O último sábado (29/08) foi saudado com um sol bonito e quente, um céu azul, azul…um belo dia para celebrar a vida, a liberdade e de fato eu a celebrei.

No mesmo dia, às 7h30 estou à caminho de Franco da Rocha, mais especificamente ao presídio Nilton Silva, o P2. Acompanho a Pastoral Carcerária Padre Macedo, que tem uma missão especial. Orientar os presos que estão buscando o matrimônio.

Karla Maria | Os 13 casais na Penitenciária Nilton Silva, Franco da Rocha
Karla Maria | Os 13 casais na Penitenciária Nilton Silva, Franco da Rocha

Para a realização do casamento, a pastoral conta com o apoio do diretor da Penitenciária, senhor Adevaldo Pereira de Souza e todos os funcionários, que vêm a iniciativa da Pastoral como um incentivo à ressocialização do preso. “Com a possibilidade do casamento, eles passam a se cuidar, o comportamento melhora muito e eles ficam mais tranqüilos, porque sabem que alguém os espera lá fora”, afirmou um dos coordenadores de disciplina, João Braga.

Às 9h da manhã o portão do P2 já abrigava as noivas, 13 mulheres ansiosas aguardavam o momento de reencontrar seus noivos. Juntos acompanharam a palestra assessorada pelo casal Nery e Nadir Oliveira, casados há mais de 30 anos, membro da Pastoral Familiar da Arquidiocese de São Paulo. Durante a palestra Nery falou da importância do perdão na convivência e na construção de um lar.

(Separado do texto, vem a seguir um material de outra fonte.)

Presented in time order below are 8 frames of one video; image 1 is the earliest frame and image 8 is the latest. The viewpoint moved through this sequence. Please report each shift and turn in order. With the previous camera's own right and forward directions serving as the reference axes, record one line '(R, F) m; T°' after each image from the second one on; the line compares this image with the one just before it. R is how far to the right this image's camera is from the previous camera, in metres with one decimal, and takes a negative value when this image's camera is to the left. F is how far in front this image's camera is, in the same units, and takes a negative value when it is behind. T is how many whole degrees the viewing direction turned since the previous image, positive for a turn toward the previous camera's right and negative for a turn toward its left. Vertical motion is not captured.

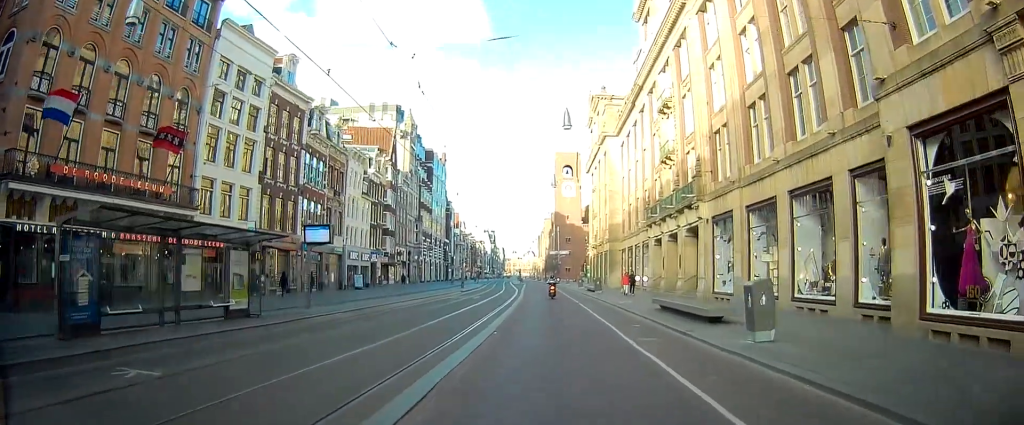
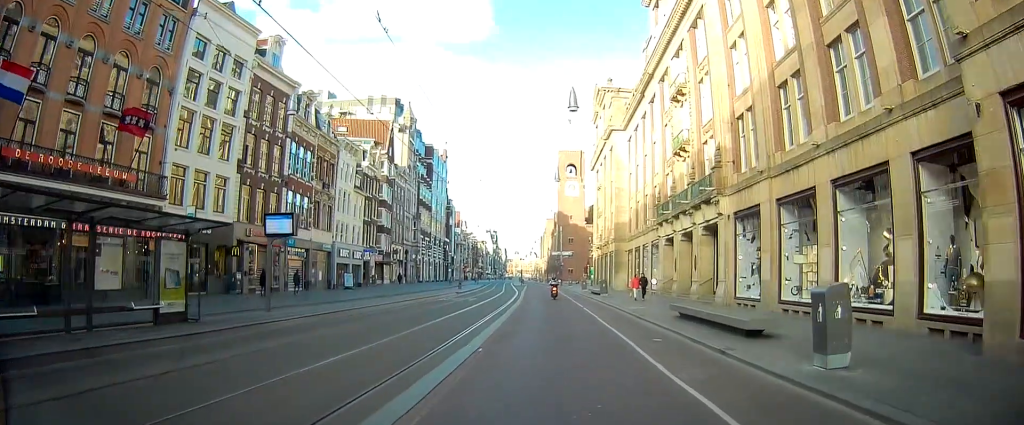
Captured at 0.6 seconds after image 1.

Às 12h a palestra foi encerrada e foi servido um lanche, com pão quentinho feito na padaria do presídio. Neste intervalo as histórias de amor surgiram.  Elisangela da Silva Santos tem 27 anos e Reinaldo Machado Bueno, 26. Se conheceram no centro da cidade de São Paulo há nove anos, enquanto Reinaldo morava na antiga FEBEM – Fundação Estadual do Bem Estar do Menor. Hoje o casal tem quatro filhos Gabriel, Daniel, Samuel e Mayara e contam com a ajuda da Pastoral Carcerária para oficializar a união.

foto: Karla Maria | Reinaldo e Elisângela
foto: Karla Maria | Reinaldo e Elisângela

Reinaldo afirma que quer casar para provar seu amor e começar uma nova vida com Elisangela. Quando questionado porque estava preso ele respondeu de cabeça baixa: “a situação estava extrema e pra poder ajudar em casa eu roubei, mas agora eu to pagando, Graças a Deus”, afirmou o reeducando que está preso há dois anos e cinco meses e se diz esquecido pelo estado. “Se não é a pastoral carcerária vim aí, a gente fica esquecido, como um leão dentro da jaula e é muito desumano”, afirma Reinaldo, que tem ainda 2 anos e meio pela frente de pena a cumprir.

Após o intervalo, uma pausa para dúvidas sobre a cerimônia que ainda não tem data marcada. Para o Casamento Coletivo no Presídio Nilton da Silva, estão cadastrados 79 casais, que serão acompanhados pela pastoral.

A Pastoral Carcerária Padre Macedo, criada em 12 de julho de 2008 faz visitas quinzenais aos presídios de Franco da Rocha e prioriza quatro linhas de trabalho: a evangelização, o diálogo com a sociedade, a promoção da cidadania e a Justiça, buscando a recuperação e o exercício de valores morais, pessoais, coletivos e sociais.

O trabalho da pastoral busca resgatar a dignidade daqueles que por vezes, de fato estão esquecidos por familiares, amigos e pelo Estado. O trabalho não é defender o preso, é  acolher, ouvir, respeitar e lutar para que estes homens/mulheres, que estão pagando seus erros, tenham uma segunda chance perante à sociedade. Sem dignidade e respeito, ninguém consegue se levantar e recomeçar.

Eu recomecei, de novo e mais uma vez. Faço questão da redundância. O portão do Nilton Silva se fechou, ouvi a tranca. Respirei fundo. Eram 13h30, o sol não ofuscou meus olhos, ele me saudou com o calor da vida, da liberdade.